■ **Directions**
Print each entry in full, word for word, with no pictures in the result.

■ **Information shown**
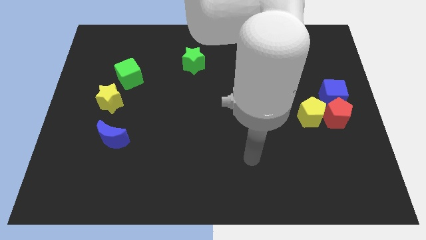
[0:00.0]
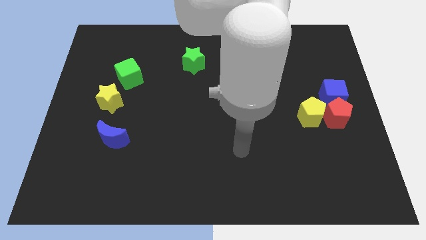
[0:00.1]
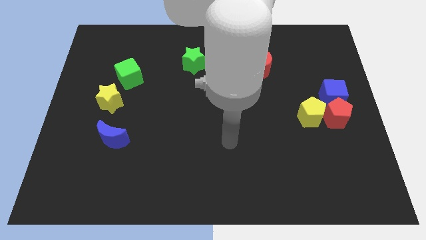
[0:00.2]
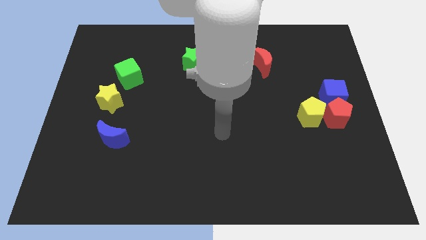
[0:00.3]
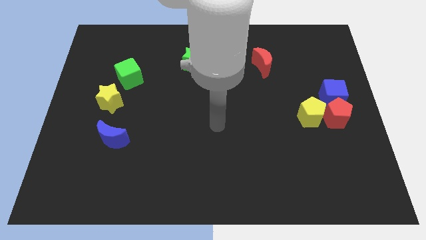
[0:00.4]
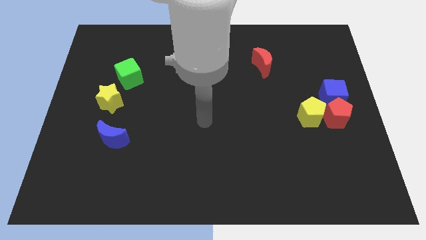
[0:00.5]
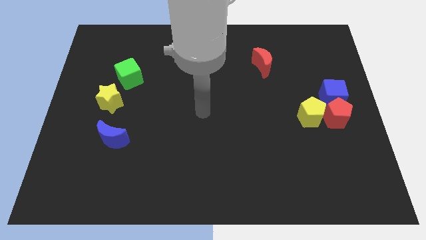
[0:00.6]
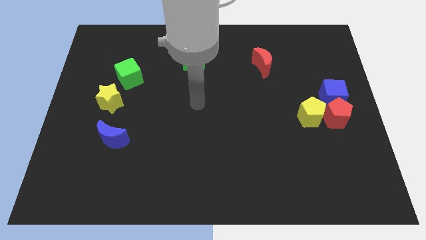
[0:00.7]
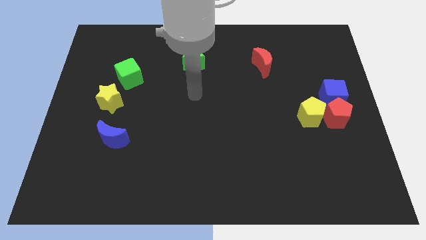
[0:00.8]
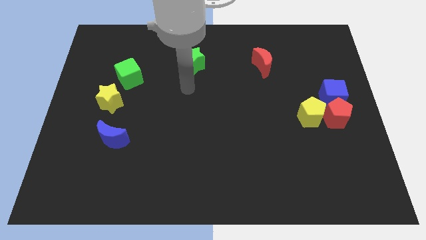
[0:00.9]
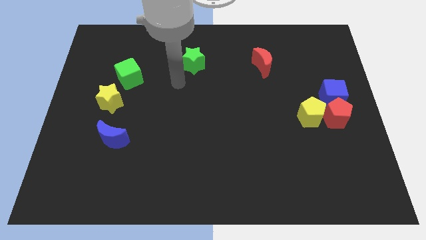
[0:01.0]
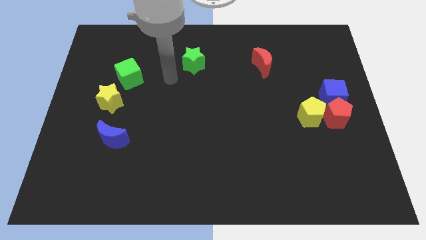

■ **Response to the task**
[0:00.0]
[0:00.1]
[0:00.2]
[0:00.3]
[0:00.4]
[0:00.5]
[0:00.6]
[0:00.7]
[0:00.8]
[0:00.9]
[0:01.0]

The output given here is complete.